When she had shown Albert to his room she went downstairs again, and, gathering the Paisley shawl about her, sat in front of the fire, staring at it and thinking, until the red ashes grew grey, and the grey ashes white. It was past midnight then, but she had so sat, and so heard the clocks strike twelve for many a long year.

"As sure as I'm a born woman," she muttered, she rose at last, "it was Ben Scholes's spirit 'at I saw that night! And I were none wrong when I said to Revis 'at I didn't know what I gave for that land! for who knows what I'll have to pay for it yet! But I've kept paying, and paying, and paying, on account; but what about t'balance?"

She went slowly and heavily upstairs and looked in on Farnish. The old man was fast asleep, his hands clasped over his breast.

"He's all right," she muttered as she left his room. "He never had any great love of money."

Albert found a good breakfast of eggs and bacon ready for him when he came down in the morning, and did justice to it. Jeckie stood by the fire and talked to him while he ate, but again there was no reference to the past.
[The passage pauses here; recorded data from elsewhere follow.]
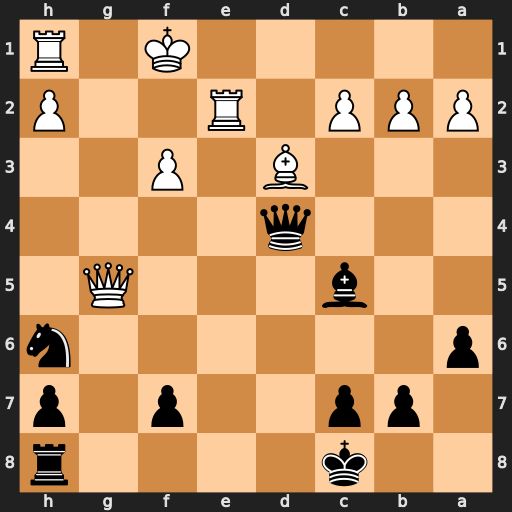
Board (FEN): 2k4r/1pp2p1p/p6n/2b3Q1/3q4/3B1P2/PPP1R2P/5K1R
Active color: b
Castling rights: -
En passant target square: -
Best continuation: Rg8 Qe3 Qxe3 Rxe3 Bxe3
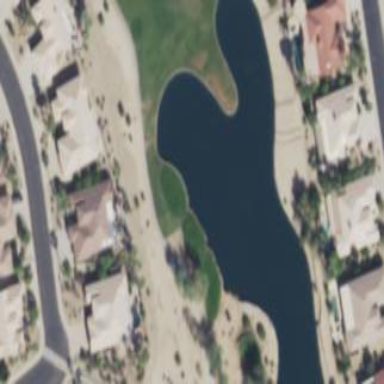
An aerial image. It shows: Water hazard on golf course. The hazard is natural water feature.
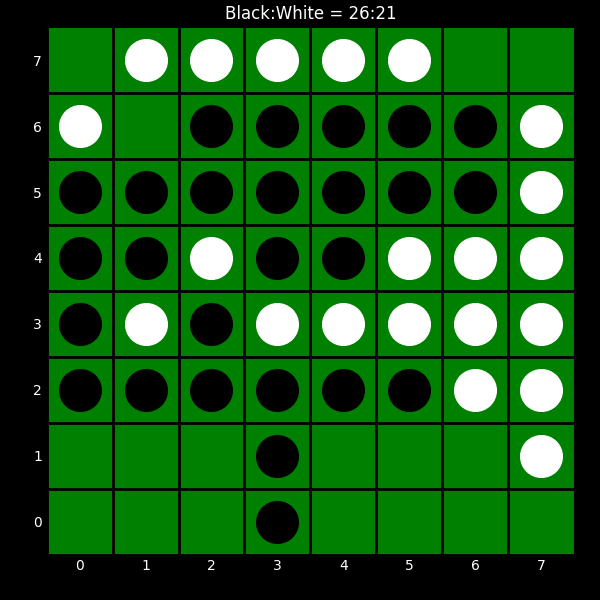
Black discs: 26
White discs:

And before nine o'clock he had got into his coat and hat, to start out on his round.

"I want to get done by four," he said. "I must go on to Kingsport to-night. So now – what do I owe?"

"Why if you give me three-and-six, it'll do," answered Jeckie. With the coins which he gave her still in her hand, she followed him to the street door and looked out into a grey sea-fog that was rolling slowly up the street. She continued to look when he had said good-bye and gone quickly away … she watched his disappearing figure until the sea-fog swallowed it up. She went back to the living-room then, and took down from the mantelpiece an old lustre-jug which she had treasured all through her life, since the time of her girlhood at Applecroft, and in which she now kept her small change. And as she dropped the three-and-six in it, the lustre-jug slipped from her fingers, and was broken into fragments on the hearthstone. Presently, she picked up the fragments and went out into the yard behind the house and threw them away on the dustheap; bits of pot, not more shattered than her own self.